The cloud-native world is highly focused on security, but a surprising number of organizations may be falling behind on one important task: Keeping their software up-to-date with the latest patches and security releases.
Buoyant, creators of the popular open source Linkerd service mesh, recently performed an analysis of Linkerd adoption in the wild. We examined the version information from tens of thousands of Linkerd clusters around the world that had been running for at least 30 days. Our analysis revealed exactly how prevalent out-of-date software is: Of these clusters, almost 50% were running versions at least six months out of date; 20% were running versions at least a year out of date and a full 10% were running versions that were out of date by 18 months or more. The full distribution of version age is summarized in the graph below.
Linkerd is an interesting project for this analysis for two reasons. First, Linkerd is very widely adopted, and Buoyant has been publishing Linkerd releases for many years. The magnitude of this data allows us to perform a comprehensive analysis.
Second, and perhaps more interestingly, Linkerd is fundamentally a tool for security, used to add features like zero-trust authorization policy and drop-in mutual TLS to Kubernetes clusters. Because of this, we take security very seriously: We perform annual, public third-party security audits; we ship releases rapidly when CVEs are discovered in underlying dependencies and so on. If there’s anything you should keep up-to-date in your environment, it’s Linkerd.

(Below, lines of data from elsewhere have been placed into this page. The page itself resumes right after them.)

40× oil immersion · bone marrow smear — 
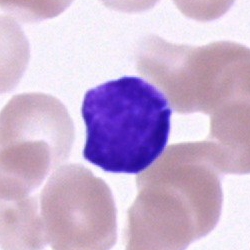
Showing a typical lymphocyte.
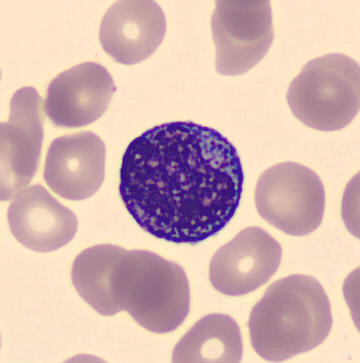Myelocyte. Acquisition: Peripheral blood film; automated cell imaging (CellaVision DM96).
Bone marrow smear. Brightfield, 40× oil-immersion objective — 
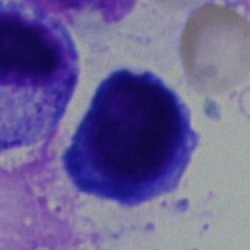

Q: What is the morphological classification of this cell?
A: This is a nucleated red cell.
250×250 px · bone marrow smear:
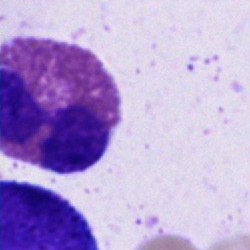 Morphology consistent with an eosinophil.
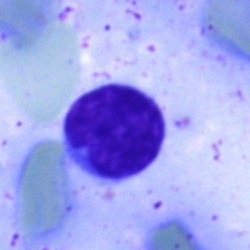

Morphology — typical lymphocyte.
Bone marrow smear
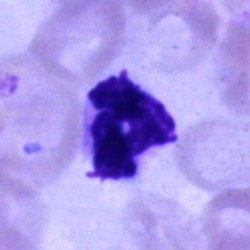

Cell = polymorphonuclear neutrophil.
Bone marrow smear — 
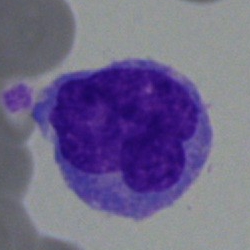

Impression → monocyte.
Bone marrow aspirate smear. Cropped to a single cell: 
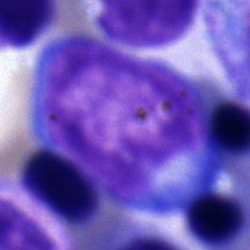

Morphological class = undifferentiated blast.
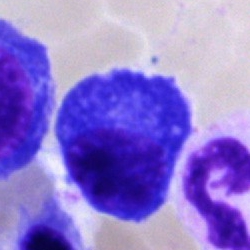
Morphological class — plasma cell.
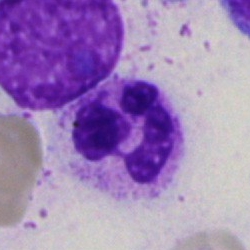Cell type — segmented neutrophil.
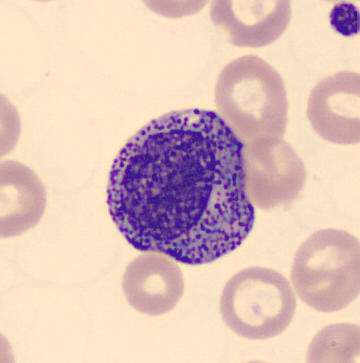
Single cell identified as a myelocyte. Peripheral blood smear. MGG stain.

If this distribution skew is what happens to Linkerd, one can only imagine what the rest of the ecosystem looks like!
The Challenge of Keeping Cloud-Native Software Up-to-Date
The risk of outdated software is not specific to cloud computing, of course. Nor is it a new category of security vulnerability. The Open Worldwide Application Security Project (OWASP), a nonprofit foundation that works to improve the security of software, lists “Vulnerable and Outdated Components” as sixth in its 2021 OWASP Top Ten list of common vulnerabilities, including in its definition of the failure to “fix or upgrade the underlying platform, frameworks, and dependencies in a risk-based, timely fashion.”

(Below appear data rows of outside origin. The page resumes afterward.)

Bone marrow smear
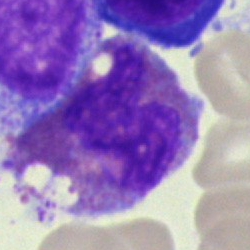

Eosinophil.
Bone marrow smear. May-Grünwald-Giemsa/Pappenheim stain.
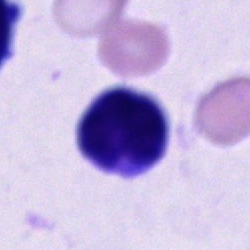
Showing an unidentifiable cell.
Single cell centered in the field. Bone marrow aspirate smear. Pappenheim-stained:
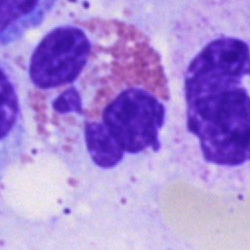

Morphological class — eosinophilic granulocyte.
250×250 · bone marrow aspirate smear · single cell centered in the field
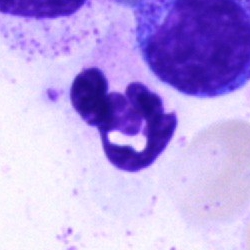
Single cell identified as a polymorphonuclear neutrophil.
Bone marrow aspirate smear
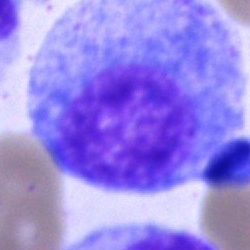The cell is progranulocyte.

What is unique is the fast-paced nature of the cloud-native ecosystem. Kubernetes itself provides only one year of patch support for recently released “minor” versions and ships three such versions each year. At Buoyant, we release a new stable version approximately every eight weeks and produce new Linkerd “edge releases” almost weekly. The challenge of keeping software up-to-date in such an ecosystem is not insubstantial, especially when upgrading software is often considered a form of “toil,” the lowest class of work in the SRE ontology—something to be automated if at all possible.
A Light at the End of the Tunnel for Linkerd
For the open source Linkerd project, at least, we’re taking active steps to address this. In the upcoming Linkerd 2.13 release, Buoyant will be providing free, automated upgrade assistance, vulnerability reporting and health monitoring to all Linkerd adopters anywhere in the world via our Buoyant Cloud automation platform for Linkerd.
As the creators and stewards of the Linkerd project, we believe the days of the take-it-or-leave-it approach to open source are quickly waning. It’s not enough for us simply to make Linkerd available—we have a responsibility to ensure that every Linkerd cluster in the world is healthy, secure and up-to-date. That’s exactly what we plan to do.